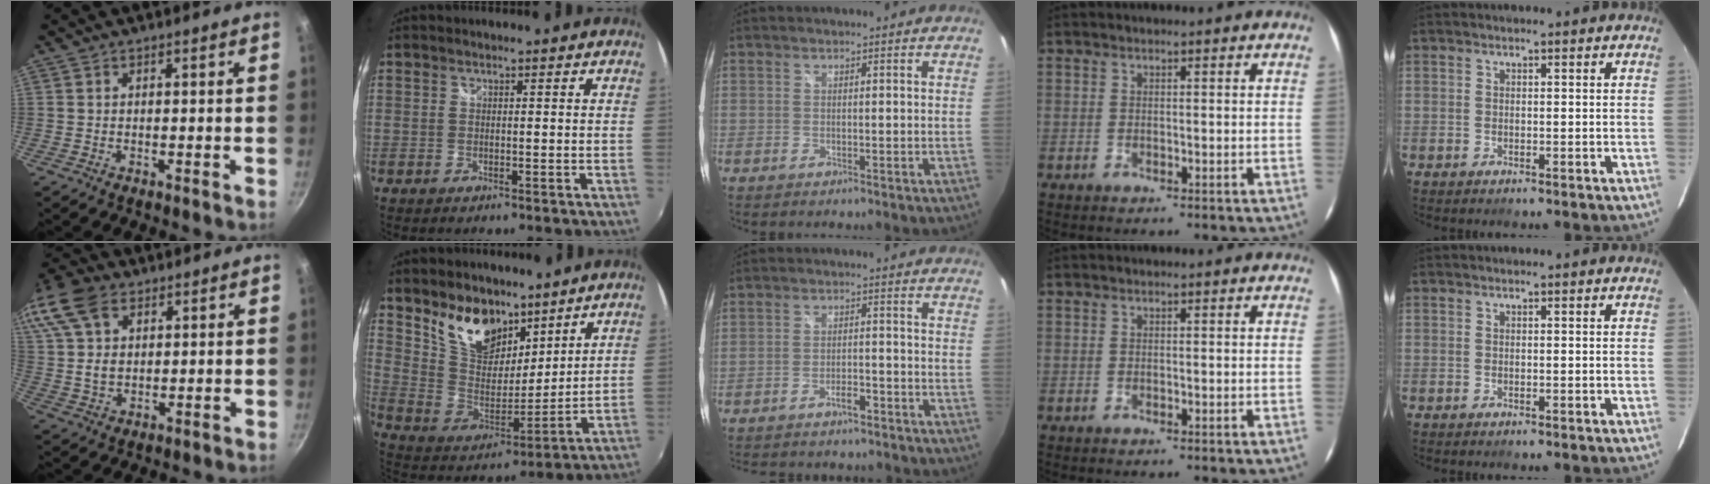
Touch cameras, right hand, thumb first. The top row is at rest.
{"thumb": {"total": 20.1, "force": [8.9, 13.6, 11.9], "torque": [-0.275, 0.033, 0.166]}, "index": {"total": 14.5, "force": [9.9, 7.9, 7.1], "torque": [-0.147, 0.003, 0.195]}, "middle": {"total": 8.7, "force": [-7.5, 3.1, 3.2], "torque": [-0.076, 0.003, -0.102]}}
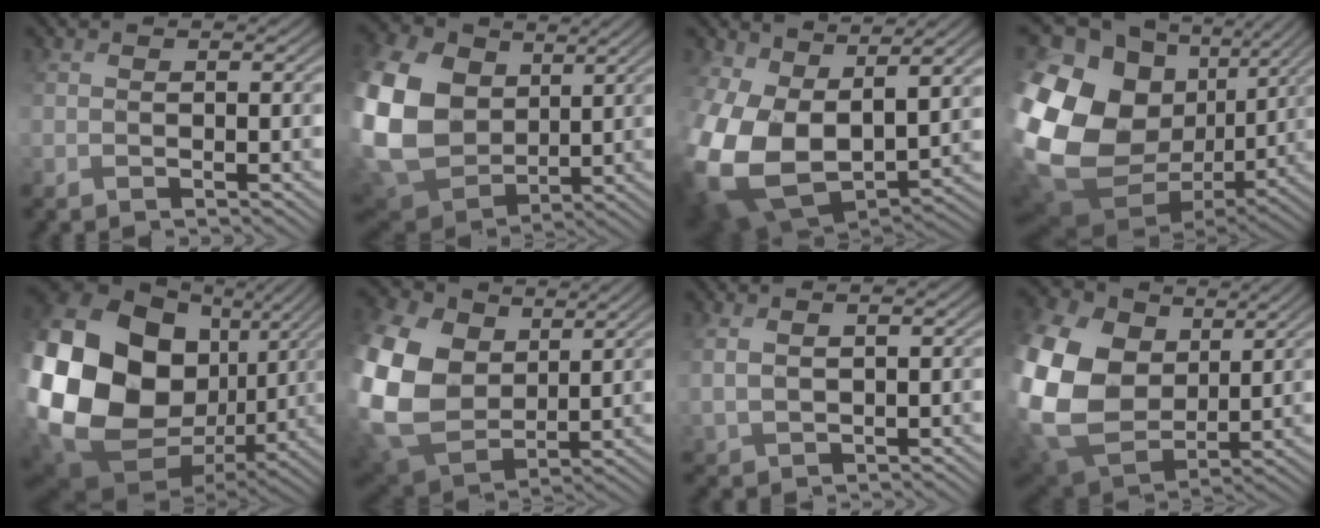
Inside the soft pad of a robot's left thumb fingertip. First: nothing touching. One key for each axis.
{"total": 16.3, "fx": 4.2, "fy": 12.7, "fz": 9.2, "tx": -0.289, "ty": 0.017, "tz": 0.087}
{"total": 16.9, "fx": 1.0, "fy": 11.8, "fz": 12.0, "tx": -0.301, "ty": -0.047, "tz": 0.048}
{"total": 20.9, "fx": 1.0, "fy": 16.9, "fz": 12.3, "tx": -0.326, "ty": -0.004, "tz": 0.046}
{"total": 24.3, "fx": 2.8, "fy": 19.6, "fz": 14.1, "tx": -0.404, "ty": -0.010, "tz": 0.062}
{"total": 15.1, "fx": 4.3, "fy": 11.3, "fz": 9.1, "tx": -0.286, "ty": 0.011, "tz": 0.092}
{"total": 2.1, "fx": 1.9, "fy": 0.6, "fz": 0.7, "tx": -0.018, "ty": 0.008, "tz": 0.041}
{"total": 16.5, "fx": 4.1, "fy": 12.6, "fz": 9.9, "tx": -0.300, "ty": 0.010, "tz": 0.086}
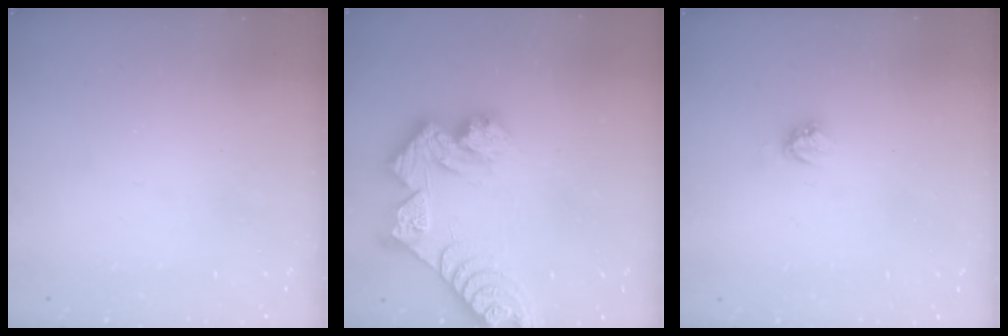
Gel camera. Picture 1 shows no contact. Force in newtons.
{"total": 15.1, "press": 15.0, "slide": 1.4}
{"total": 3.8, "press": 3.8, "slide": 0.4}
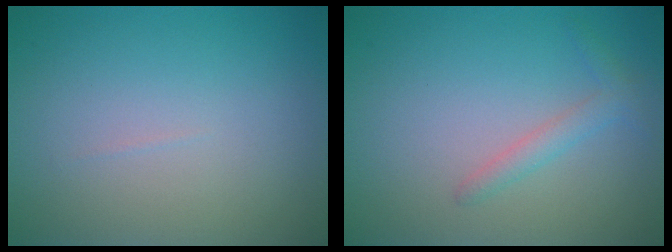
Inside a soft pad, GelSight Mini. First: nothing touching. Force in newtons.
{"total": 1.5, "press": 1.5, "slide": 0.1}
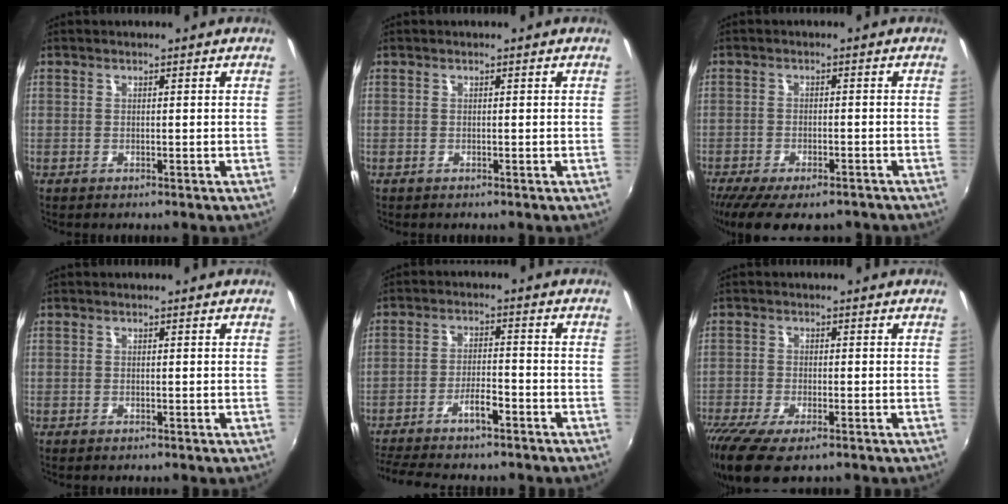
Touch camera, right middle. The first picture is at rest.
{"total": 0.0}
{"total": 12.5, "force": [-9.5, 4.1, 6.9], "torque": [-0.149, -0.046, -0.149]}
{"total": 0.0}
{"total": 8.6, "force": [-7.0, 1.4, 4.7], "torque": [-0.105, 0.000, -0.120]}
{"total": 11.4, "force": [-7.4, 3.8, 7.8], "torque": [-0.182, -0.054, -0.132]}
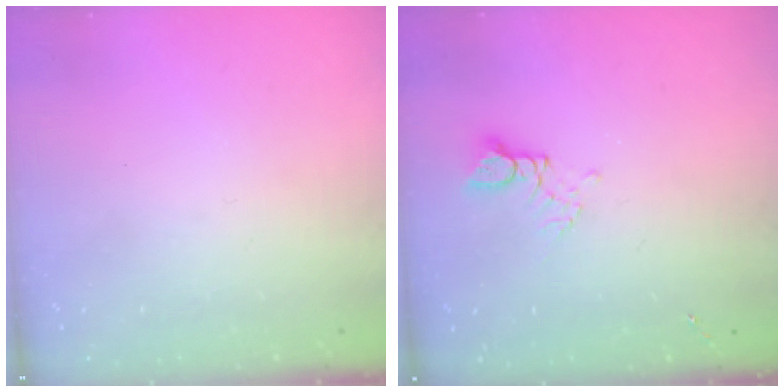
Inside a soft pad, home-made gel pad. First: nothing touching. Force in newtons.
{"total": 3.3, "press": 3.2, "slide": 0.4}
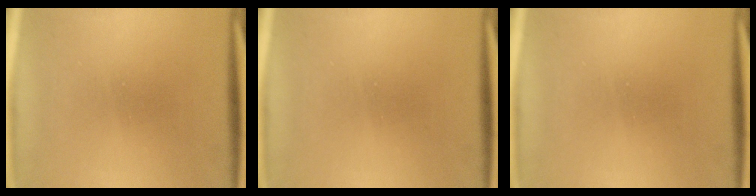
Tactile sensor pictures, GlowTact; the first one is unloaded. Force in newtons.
{"total": 0.0}
{"total": 0.0}
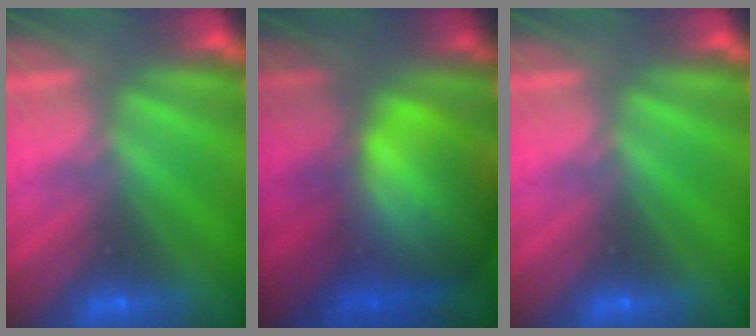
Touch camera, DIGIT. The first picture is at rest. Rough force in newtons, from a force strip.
{"total": 8.5}
{"total": 0.0}
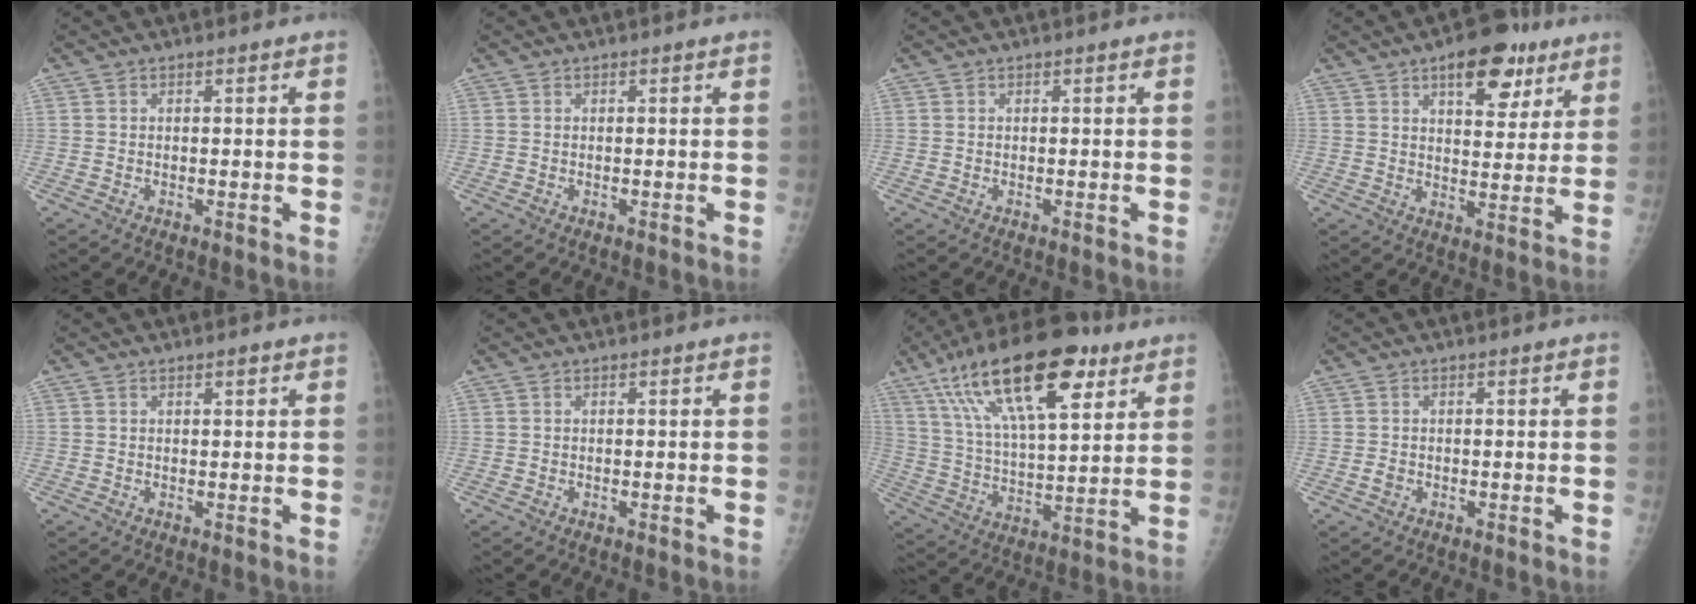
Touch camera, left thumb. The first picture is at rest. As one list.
[{"total": 0.0}, {"total": 0.0}, {"total": 12.0, "force": [6.8, 5.9, 7.8], "torque": [-0.071, -0.026, 0.094]}, {"total": 0.9, "force": [0.6, 0.3, 0.6], "torque": [-0.007, -0.002, 0.010]}, {"total": 0.0}, {"total": 24.1, "force": [12.8, 9.0, 18.3], "torque": [-0.301, -0.023, 0.221]}, {"total": 1.1, "force": [-0.3, 0.9, 0.6], "torque": [-0.009, 0.001, -0.004]}]
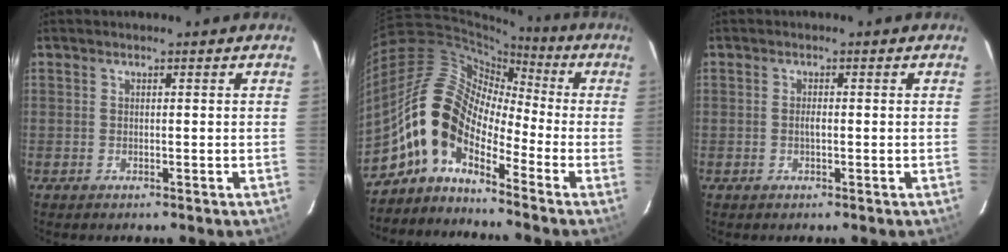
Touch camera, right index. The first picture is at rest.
{"total": 11.8, "force": [-5.5, 6.3, 8.3], "torque": [-0.141, 0.018, -0.126]}
{"total": 1.0, "force": [-0.2, 0.3, 1.0], "torque": [-0.019, 0.001, -0.004]}
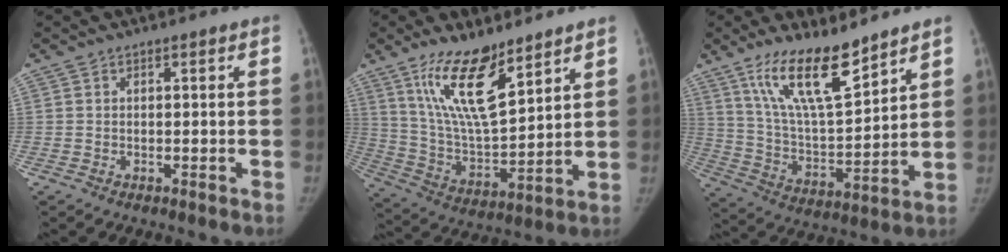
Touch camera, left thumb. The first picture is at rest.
{"total": 16.0, "force": [10.2, 5.1, 11.2], "torque": [-0.182, -0.064, 0.207]}
{"total": 15.7, "force": [11.0, 4.2, 10.4], "torque": [-0.166, -0.068, 0.215]}
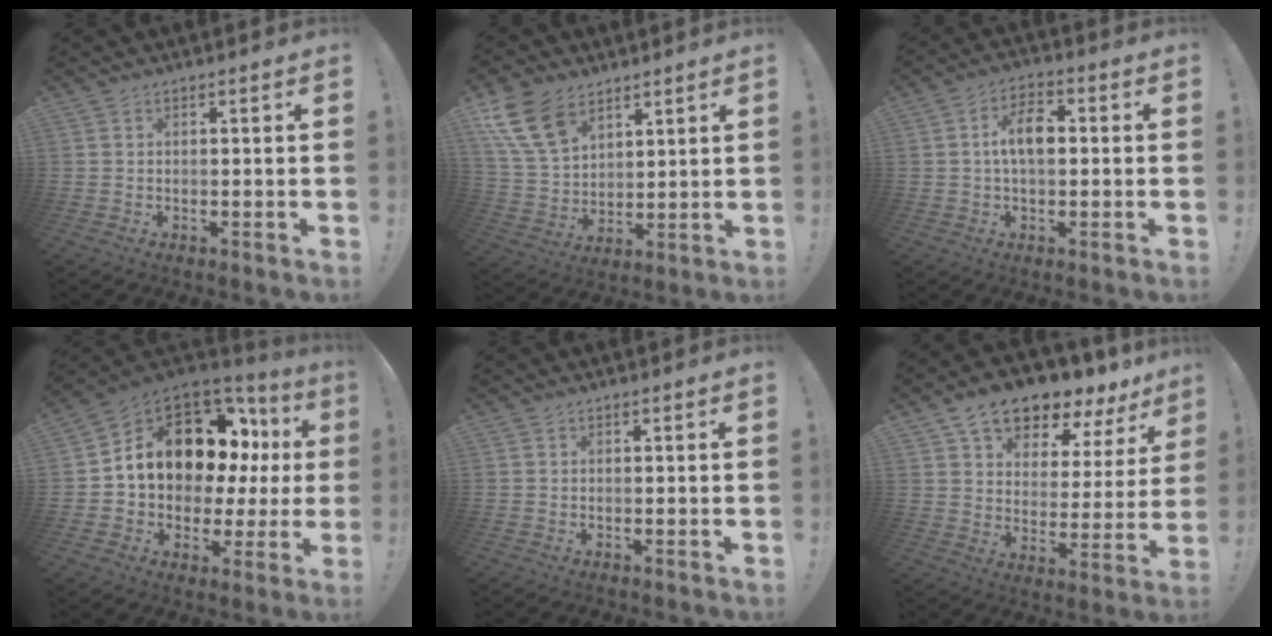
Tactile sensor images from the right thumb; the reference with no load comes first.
{"total": 12.7, "force": [7.4, 7.9, 6.7], "torque": [-0.128, -0.032, 0.145]}
{"total": 8.6, "force": [0.3, 4.7, 7.2], "torque": [-0.117, 0.009, 0.004]}
{"total": 15.8, "force": [6.0, 10.5, 10.2], "torque": [-0.156, -0.038, 0.119]}
{"total": 0.0}
{"total": 11.9, "force": [10.0, 4.8, 4.5], "torque": [-0.082, -0.083, 0.176]}
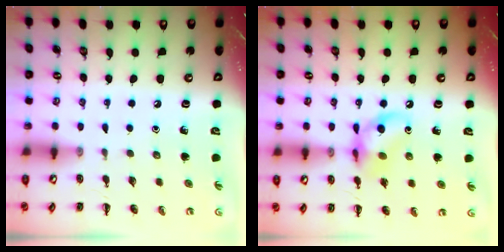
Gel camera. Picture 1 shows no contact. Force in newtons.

- **What this task involves**:
A faithful, word-for-word copy of the records above, pictures left out, is the answer.

- **Problem solution**:
Touch cameras, right hand, thumb first. The top row is at rest.
{"thumb": {"total": 20.1, "force": [8.9, 13.6, 11.9], "torque": [-0.275, 0.033, 0.166]}, "index": {"total": 14.5, "force": [9.9, 7.9, 7.1], "torque": [-0.147, 0.003, 0.195]}, "middle": {"total": 8.7, "force": [-7.5, 3.1, 3.2], "torque": [-0.076, 0.003, -0.102]}}
Inside the soft pad of a robot's left thumb fingertip. First: nothing touching. One key for each axis.
{"total": 16.3, "fx": 4.2, "fy": 12.7, "fz": 9.2, "tx": -0.289, "ty": 0.017, "tz": 0.087}
{"total": 16.9, "fx": 1.0, "fy": 11.8, "fz": 12.0, "tx": -0.301, "ty": -0.047, "tz": 0.048}
{"total": 20.9, "fx": 1.0, "fy": 16.9, "fz": 12.3, "tx": -0.326, "ty": -0.004, "tz": 0.046}
{"total": 24.3, "fx": 2.8, "fy": 19.6, "fz": 14.1, "tx": -0.404, "ty": -0.010, "tz": 0.062}
{"total": 15.1, "fx": 4.3, "fy": 11.3, "fz": 9.1, "tx": -0.286, "ty": 0.011, "tz": 0.092}
{"total": 2.1, "fx": 1.9, "fy": 0.6, "fz": 0.7, "tx": -0.018, "ty": 0.008, "tz": 0.041}
{"total": 16.5, "fx": 4.1, "fy": 12.6, "fz": 9.9, "tx": -0.300, "ty": 0.010, "tz": 0.086}
Gel camera. Picture 1 shows no contact. Force in newtons.
{"total": 15.1, "press": 15.0, "slide": 1.4}
{"total": 3.8, "press": 3.8, "slide": 0.4}
Inside a soft pad, GelSight Mini. First: nothing touching. Force in newtons.
{"total": 1.5, "press": 1.5, "slide": 0.1}
Touch camera, right middle. The first picture is at rest.
{"total": 0.0}
{"total": 12.5, "force": [-9.5, 4.1, 6.9], "torque": [-0.149, -0.046, -0.149]}
{"total": 0.0}
{"total": 8.6, "force": [-7.0, 1.4, 4.7], "torque": [-0.105, 0.000, -0.120]}
{"total": 11.4, "force": [-7.4, 3.8, 7.8], "torque": [-0.182, -0.054, -0.132]}
Inside a soft pad, home-made gel pad. First: nothing touching. Force in newtons.
{"total": 3.3, "press": 3.2, "slide": 0.4}
Tactile sensor pictures, GlowTact; the first one is unloaded. Force in newtons.
{"total": 0.0}
{"total": 0.0}
Touch camera, DIGIT. The first picture is at rest. Rough force in newtons, from a force strip.
{"total": 8.5}
{"total": 0.0}
Touch camera, left thumb. The first picture is at rest. As one list.
[{"total": 0.0}, {"total": 0.0}, {"total": 12.0, "force": [6.8, 5.9, 7.8], "torque": [-0.071, -0.026, 0.094]}, {"total": 0.9, "force": [0.6, 0.3, 0.6], "torque": [-0.007, -0.002, 0.010]}, {"total": 0.0}, {"total": 24.1, "force": [12.8, 9.0, 18.3], "torque": [-0.301, -0.023, 0.221]}, {"total": 1.1, "force": [-0.3, 0.9, 0.6], "torque": [-0.009, 0.001, -0.004]}]
Touch camera, right index. The first picture is at rest.
{"total": 11.8, "force": [-5.5, 6.3, 8.3], "torque": [-0.141, 0.018, -0.126]}
{"total": 1.0, "force": [-0.2, 0.3, 1.0], "torque": [-0.019, 0.001, -0.004]}
Touch camera, left thumb. The first picture is at rest.
{"total": 16.0, "force": [10.2, 5.1, 11.2], "torque": [-0.182, -0.064, 0.207]}
{"total": 15.7, "force": [11.0, 4.2, 10.4], "torque": [-0.166, -0.068, 0.215]}
Tactile sensor images from the right thumb; the reference with no load comes first.
{"total": 12.7, "force": [7.4, 7.9, 6.7], "torque": [-0.128, -0.032, 0.145]}
{"total": 8.6, "force": [0.3, 4.7, 7.2], "torque": [-0.117, 0.009, 0.004]}
{"total": 15.8, "force": [6.0, 10.5, 10.2], "torque": [-0.156, -0.038, 0.119]}
{"total": 0.0}
{"total": 11.9, "force": [10.0, 4.8, 4.5], "torque": [-0.082, -0.083, 0.176]}
Gel camera. Picture 1 shows no contact. Force in newtons.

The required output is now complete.